Vianna destacou que o objetivo da Aliança para Empoderamento da Mulher é apresentar práticas bem-sucedidas nesta área para as organizações. A meta é influenciar cada vez mais empresas de que as políticas de empoderamento feminino podem ser uma ferramenta de performance e produtividade fora da curva.
Alta performance x alto potencial – O sócio-fundador da Talenses citou que as mulheres normalmente fazem parte da maioria do grupo de alto potencial de colaboradores de uma empresa, mas não do grupo alta performance. E isso se dá as vezes pelo fato de não encontrarem apoio da organização para continuarem seu desenvolvimento em linha com as mudanças no campo pessoal.
Dentre os estudos que estão em andamento pela Aliança, está a pesquisa sobre desligamento de mulheres em organizações, realizado em parceria com a Fundação Getúlio Vargas. Para este estudo, o especialista já entrevistou cerca de 25 executivas.
Ele apresentou o resultado da primeira etapa da pesquisa, que consistiu em entrevistas com 15 mulheres que ocuparam cargos de alta gestão em grandes empresas, realizadas quatro ou cinco anos após a data de seu desligamento.
Os principais motivos para a saída da empresa, segundo as entrevistadas, foram o conflito com: vida pessoal (9), crescimento profissional (3), qualidade de vida (2) e remuneração (1).
Para mais da metade das respondentes (8), o fato de ser uma mulher em um cargo de alto escalão teve alguma ligação com seu pedido de demissão.
Questionadas se a empresa em que trabalharam tinha ou apoiava políticas de empoderamento feminino, 10 responderam que sim, a organização tinha essa bandeira, mas não havia incentivo real. “Ou seja, faltava o walk the talk, a empresa realizar ações efetivas, em linha com o seu discurso de empoderamento”, observou Vianna.
Com relação às práticas recomendadas para as empresas que desejam começar a trilhar esse caminho, o sócio da Talenses destacou a importância de começar a ouvir.
“É importante que as altas lideranças, em especial o CEO, tenham interesse e abram suas agendas para escutar as pessoas.

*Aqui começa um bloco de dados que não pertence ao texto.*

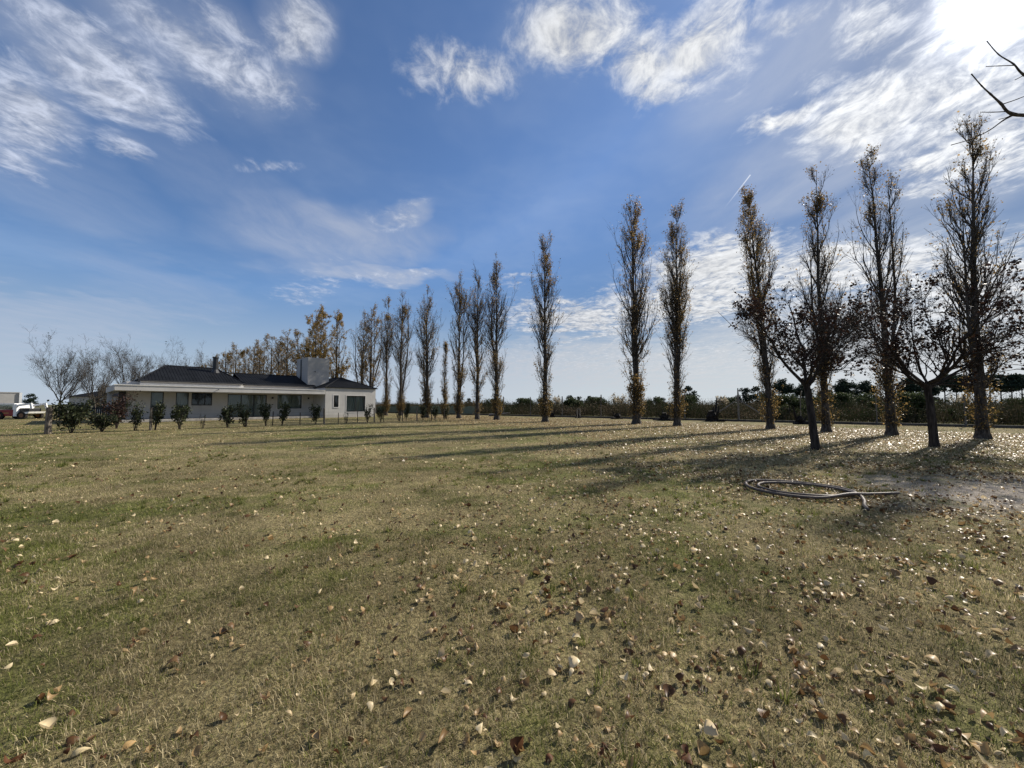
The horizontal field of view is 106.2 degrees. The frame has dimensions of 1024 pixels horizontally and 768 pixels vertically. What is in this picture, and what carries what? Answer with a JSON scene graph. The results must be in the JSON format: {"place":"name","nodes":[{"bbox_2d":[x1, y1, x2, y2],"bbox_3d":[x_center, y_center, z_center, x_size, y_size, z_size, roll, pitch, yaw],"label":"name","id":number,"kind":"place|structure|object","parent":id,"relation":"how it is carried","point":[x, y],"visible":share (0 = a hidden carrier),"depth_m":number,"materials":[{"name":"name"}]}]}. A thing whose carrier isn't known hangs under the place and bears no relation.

Sugestões de práticas temos inúmeras, mas vemos que o interesse genuíno do presidente é o que fez a diferença para o sucesso dessas políticas”, concluiu Rodrigo Vianna.
Durante o debate, a associada Cida Hess citou também alguns exemplos de políticas sugeridas pela KPMG Network of Woman (KNOW) para o empoderamento: implantar um comitê de diversidade, colocar em prática os seis meses de licença maternidade, e promover reuniões mensais para discussão do tema, com o patrocínio da alta administração da empresa.